My noble friend comes from Ulster, and I come from Wales, each of which has its distinctive problems and aspirations, not always fully understood or appreciated by the less emotional English. Not that Welsh people are immune from the weakness of getting things out of perspective. Your Lordships may have heard of the man who drowned in a Welsh municipal swimming bath. When the coroner asked the bath's attendant why he had not jumped in and rescued the man, he replied: "Because I cannot swim. When they gave me this job all they asked me was whether I was bilingual".

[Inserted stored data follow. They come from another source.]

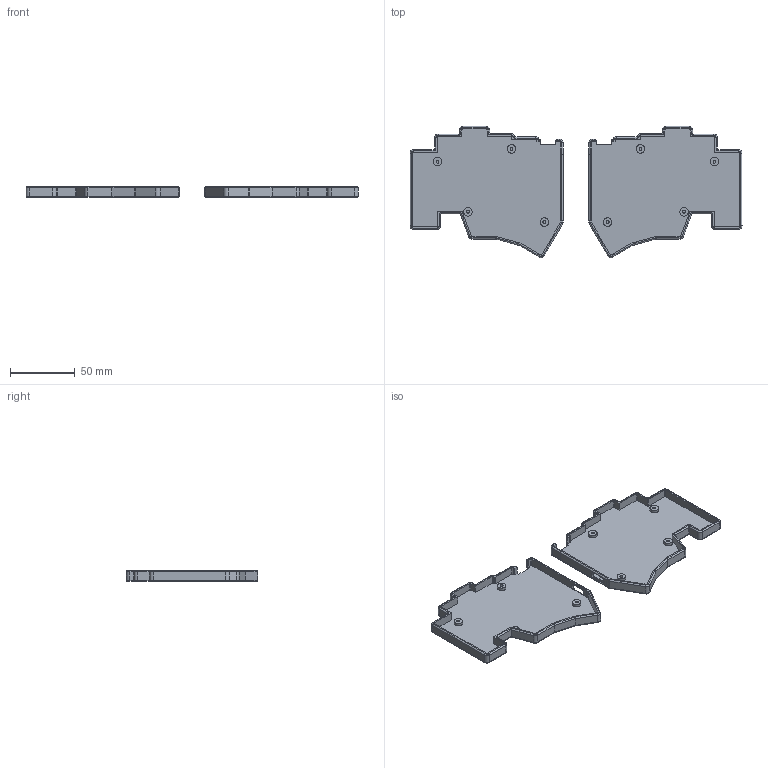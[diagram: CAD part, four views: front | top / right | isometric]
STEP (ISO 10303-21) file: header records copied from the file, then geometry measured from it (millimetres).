
FILE_DESCRIPTION(/* description */ ('STEP AP242 Edition 2','CAx-IF Rec.Pracs.---Representation and Presentation of Product Manufacturing Information (PMI)---4.0---2014-10-13','CAx-IF Rec.Pracs.---3D Tessellated Geometry---0.4---2014-09-14','2;1','CAx-IF Rec.Pracs.---User Defined Attributes---1.5---2016-08-15'),/* implementation_level */ '2;1');
FILE_NAME(/* name */ '695ed921637d6d5936697571',/* time_stamp */ '2026-01-07T22:07:29Z',/* author */ (''),/* organization */ (''),/* preprocessor_version */ 'ST-DEVELOPER v20',/* originating_system */ 'ONSHAPE BY PTC INC, 1.208',/* authorisation */ ' ');
FILE_SCHEMA (('AP242_MANAGED_MODEL_BASED_3D_ENGINEERING_MIM_LF { 1 0 10303 442 3 1 4 }'));
Length unit declared in the file: metre
Products named in the file (2): Part 2; Part 1
Bounding box: 256.3 x 101.31 x 8.35 mm (x, y, z)
Volume: 46405.1 mm3; surface area: 47860.7 mm2
Topology: 2 solids, 2 shells, 424 faces, 1036 edges, 620 vertices
Faces by surface type: cylinder 206, plane 122, torus 88, sphere 8
Full cylindrical faces by diameter (mm): 2.2 x8, 6.6 x8
Entity records: 12355 total; most frequent: DIRECTION 2360, CARTESIAN_POINT 2086, ORIENTED_EDGE 2024, EDGE_CURVE 1012, AXIS2_PLACEMENT_3D 930, VERTEX_POINT 620, CIRCLE 500, LINE 500
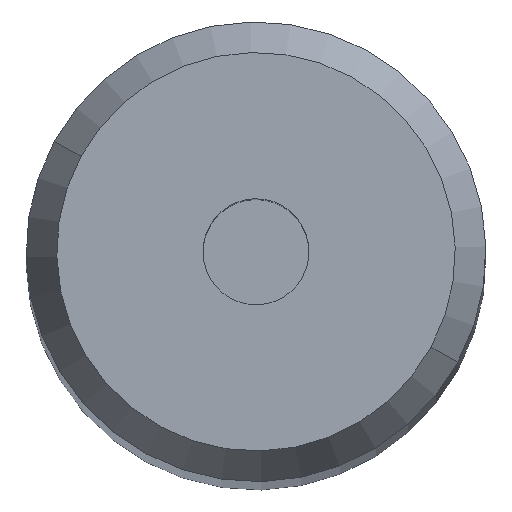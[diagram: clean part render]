
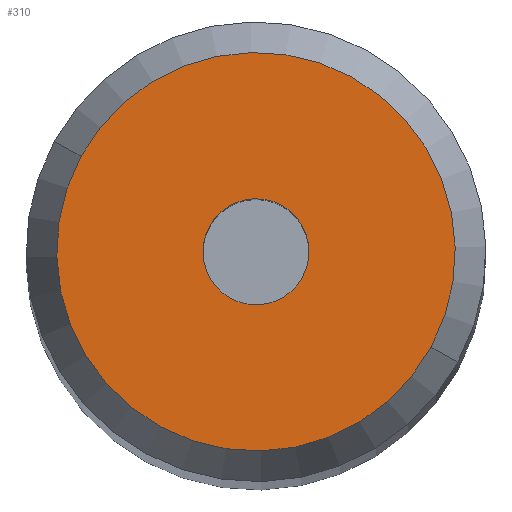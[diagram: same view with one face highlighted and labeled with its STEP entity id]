
A CAD part, top view. The second image highlights one B-rep face of the part: STEP entity #310.
In plain terms, the highlighted planar face has unit normal (0, 0, 1).
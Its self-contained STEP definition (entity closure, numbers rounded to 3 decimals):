
#249=CARTESIAN_POINT('Vertex',(11.409,-6.233,315.)) ;
#252=CARTESIAN_POINT('Axis2P3D Location',(0.,0.,315.)) ;
#256=CARTESIAN_POINT('Vertex',(-11.409,6.233,315.)) ;
#271=CARTESIAN_POINT('Axis2P3D Location',(0.,0.,315.)) ;
#283=CARTESIAN_POINT('Axis2P3D Location',(-13.,0.,315.)) ;
#292=CARTESIAN_POINT('Axis2P3D Location',(0.,0.,315.)) ;
#296=CARTESIAN_POINT('Vertex',(-3.035,1.658,315.)) ;
#298=CARTESIAN_POINT('Vertex',(3.035,-1.658,315.)) ;
#301=CARTESIAN_POINT('Axis2P3D Location',(0.,0.,315.)) ;
#253=DIRECTION('Axis2P3D Direction',(0.,0.,-1.)) ;
#272=DIRECTION('Axis2P3D Direction',(0.,0.,-1.)) ;
#284=DIRECTION('Axis2P3D Direction',(0.,0.,-1.)) ;
#285=DIRECTION('Axis2P3D XDirection',(1.,0.,0.)) ;
#293=DIRECTION('Axis2P3D Direction',(0.,0.,-1.)) ;
#302=DIRECTION('Axis2P3D Direction',(0.,0.,-1.)) ;
#254=AXIS2_PLACEMENT_3D('Circle Axis2P3D',#252,#253,$) ;
#273=AXIS2_PLACEMENT_3D('Circle Axis2P3D',#271,#272,$) ;
#286=AXIS2_PLACEMENT_3D('Plane Axis2P3D',#283,#284,#285) ;
#294=AXIS2_PLACEMENT_3D('Circle Axis2P3D',#292,#293,$) ;
#303=AXIS2_PLACEMENT_3D('Circle Axis2P3D',#301,#302,$) ;
#289=ORIENTED_EDGE('',*,*,#275,.F.) ;
#290=ORIENTED_EDGE('',*,*,#258,.F.) ;
#307=ORIENTED_EDGE('',*,*,#300,.T.) ;
#308=ORIENTED_EDGE('',*,*,#305,.T.) ;
#309=FACE_BOUND('',#306,.T.) ;
#310=ADVANCED_FACE('PartBody',(#291,#309),#287,.F.) ;
#255=CIRCLE('generated circle',#254,13.) ;
#274=CIRCLE('generated circle',#273,13.) ;
#295=CIRCLE('generated circle',#294,3.459) ;
#304=CIRCLE('generated circle',#303,3.459) ;
#258=EDGE_CURVE('',#250,#257,#255,.T.) ;
#275=EDGE_CURVE('',#257,#250,#274,.T.) ;
#300=EDGE_CURVE('',#297,#299,#295,.T.) ;
#305=EDGE_CURVE('',#299,#297,#304,.T.) ;
#288=EDGE_LOOP('',(#289,#290)) ;
#306=EDGE_LOOP('',(#307,#308)) ;
#291=FACE_OUTER_BOUND('',#288,.T.) ;
#287=PLANE('Plane',#286) ;
#250=VERTEX_POINT('',#249) ;
#257=VERTEX_POINT('',#256) ;
#297=VERTEX_POINT('',#296) ;
#299=VERTEX_POINT('',#298) ;

Wales, like Northern Ireland, needs more work for men and women, and therefore I too welcome the importance attached in the gracious Speech to an effective regional development policy. Let me hasten to add that Wales is more than a region. It is a nation. It is a land of mountains and valleys, and sun and shadow; and too often the long, dark shadow of unemployment has chased the joy away. As one who grew up in a vicarage in a Monmouthshire town when it was hit by tragic unemployment, I am sure, to quote the words of the gracious Speech, that: Rising production and a steadily growing national income", shared by all, are the essential material foundation for the good life which all Governments, according to their different philosophies, seek to bring within reach of the people of this land, without distinction of class, colour or faith.

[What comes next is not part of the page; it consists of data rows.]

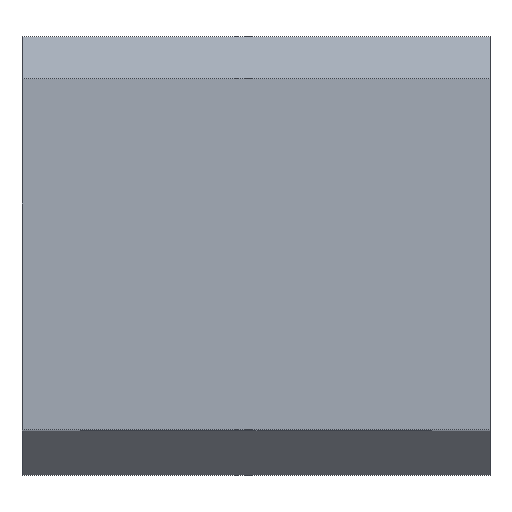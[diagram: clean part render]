
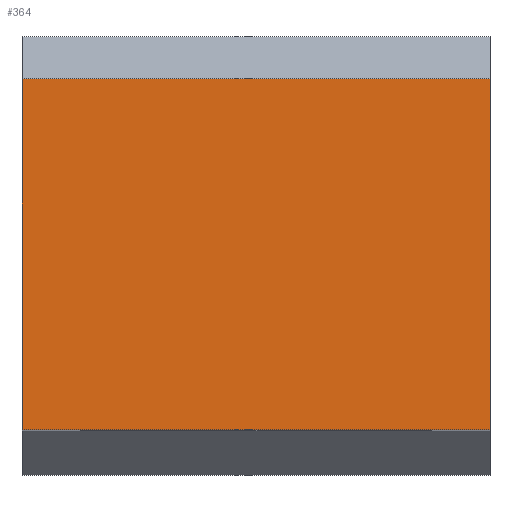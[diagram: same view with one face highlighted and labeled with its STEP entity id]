
A CAD part, top view. The second image highlights one B-rep face of the part: STEP entity #364.
In plain terms, the highlighted planar face has unit normal (0, 0, 1).
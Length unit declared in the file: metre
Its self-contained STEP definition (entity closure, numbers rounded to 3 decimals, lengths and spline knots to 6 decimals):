
#46=ORIENTED_EDGE('',*,*,#133,.F.);
#47=ORIENTED_EDGE('',*,*,#146,.T.);
#48=ORIENTED_EDGE('',*,*,#120,.F.);
#49=ORIENTED_EDGE('',*,*,#147,.F.);
#120=EDGE_CURVE('',#170,#171,#204,.T.);
#133=EDGE_CURVE('',#183,#184,#217,.T.);
#146=EDGE_CURVE('',#183,#171,#230,.T.);
#147=EDGE_CURVE('',#184,#170,#231,.T.);
#170=VERTEX_POINT('',#502);
#171=VERTEX_POINT('',#503);
#183=VERTEX_POINT('',#529);
#184=VERTEX_POINT('',#530);
#204=LINE('',#501,#254);
#217=LINE('',#528,#267);
#230=LINE('',#555,#280);
#231=LINE('',#556,#281);
#254=VECTOR('',#415,1.);
#267=VECTOR('',#430,1.);
#280=VECTOR('',#445,1.);
#281=VECTOR('',#446,1.);
#306=EDGE_LOOP('',(#46,#47,#48,#49));
#326=FACE_BOUND('',#306,.T.);
#346=PLANE('',#395);
#364=ADVANCED_FACE('',(#326),#346,.T.);
#395=AXIS2_PLACEMENT_3D('',#554,#443,#444);
#415=DIRECTION('',(0.,1.,0.));
#430=DIRECTION('',(0.,-1.,0.));
#443=DIRECTION('',(0.,0.,1.));
#444=DIRECTION('',(0.,1.,0.));
#445=DIRECTION('',(-1.,0.,0.));
#446=DIRECTION('',(-1.,0.,0.));
#501=CARTESIAN_POINT('',(0.006,-0.021,0.032));
#502=CARTESIAN_POINT('',(0.006,-0.027,0.032));
#503=CARTESIAN_POINT('',(0.006,-0.021,0.032));
#528=CARTESIAN_POINT('',(0.014,-0.021,0.032));
#529=CARTESIAN_POINT('',(0.014,-0.021,0.032));
#530=CARTESIAN_POINT('',(0.014,-0.027,0.032));
#554=CARTESIAN_POINT('',(0.014,-0.027,0.032));
#555=CARTESIAN_POINT('',(0.014,-0.021,0.032));
#556=CARTESIAN_POINT('',(0.014,-0.027,0.032));
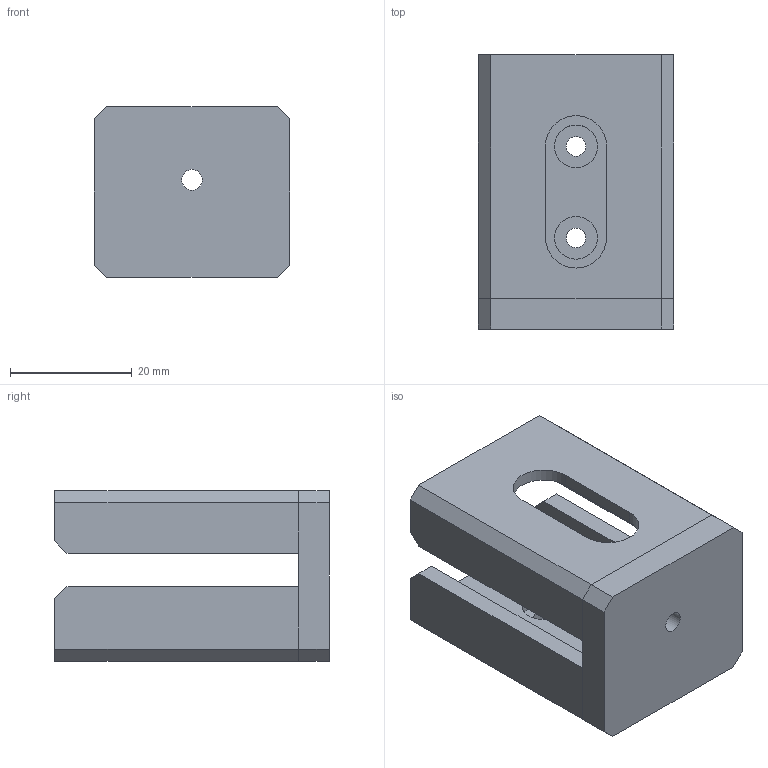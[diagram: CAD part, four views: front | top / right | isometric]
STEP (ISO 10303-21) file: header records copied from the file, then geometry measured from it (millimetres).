
FILE_DESCRIPTION(('FreeCAD Model'),'2;1');
FILE_NAME('Open CASCADE Shape Model','2023-08-16T15:20:30',('Author'),( ''),'Open CASCADE STEP processor 7.6','FreeCAD','Unknown');
FILE_SCHEMA(('AUTOMOTIVE_DESIGN { 1 0 10303 214 1 1 1 1 }'));
Length unit declared in the file: millimetre
Products named in the file (1): housing
Bounding box: 32 x 45 x 28 mm (x, y, z)
Volume: 15047.4 mm3; surface area: 10172.1 mm2
Topology: 1 solids, 1 shells, 47 faces, 117 edges, 74 vertices
Faces by surface type: plane 40, cylinder 7
Full cylindrical faces by diameter (mm): 3.2 x2, 3.4 x1, 7 x2
Entity records: 2946 total; most frequent: CARTESIAN_POINT 509, DIRECTION 455, LINE 323, VECTOR 323, ORIENTED_EDGE 234, PCURVE 234, DEFINITIONAL_REPRESENTATION 234, EDGE_CURVE 117

I hope for success in the negotiations just starting for our entry into the European Community if the terms we can obtain seem likely to make for better tomorrows for the British people as a whole—but not otherwise.

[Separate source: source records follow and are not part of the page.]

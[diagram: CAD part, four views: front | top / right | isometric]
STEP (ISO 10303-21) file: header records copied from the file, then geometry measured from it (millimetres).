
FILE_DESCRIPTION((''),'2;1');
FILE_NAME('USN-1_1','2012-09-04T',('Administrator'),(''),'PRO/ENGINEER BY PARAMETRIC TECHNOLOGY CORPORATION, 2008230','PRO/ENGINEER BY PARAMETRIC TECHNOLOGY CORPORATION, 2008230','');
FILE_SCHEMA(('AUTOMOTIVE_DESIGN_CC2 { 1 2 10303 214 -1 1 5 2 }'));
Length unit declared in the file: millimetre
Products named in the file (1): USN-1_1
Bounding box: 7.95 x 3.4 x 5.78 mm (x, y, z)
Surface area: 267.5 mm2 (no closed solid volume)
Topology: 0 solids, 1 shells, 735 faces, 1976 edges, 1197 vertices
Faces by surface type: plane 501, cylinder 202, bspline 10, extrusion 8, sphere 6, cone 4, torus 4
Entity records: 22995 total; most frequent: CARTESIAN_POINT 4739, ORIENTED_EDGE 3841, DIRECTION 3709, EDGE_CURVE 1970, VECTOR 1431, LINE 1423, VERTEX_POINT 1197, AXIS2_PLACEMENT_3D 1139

I believe that all of your Lordships, without distinction of Party, will agree that the speed of our economic progress will not be all it should be until industrial relations are vastly improved and unofficial strikes less frequently and damaging. The last Government tried one way, but not very firmly. This Government will try another. On neither side, management nor union, must prejudice be allowed to govern policy. We all are servants of the British people, and the British people want freedom to live their lives and get on with their jobs, not constant disruptions which seem to them often absurdly disproportionate to the issue in dispute.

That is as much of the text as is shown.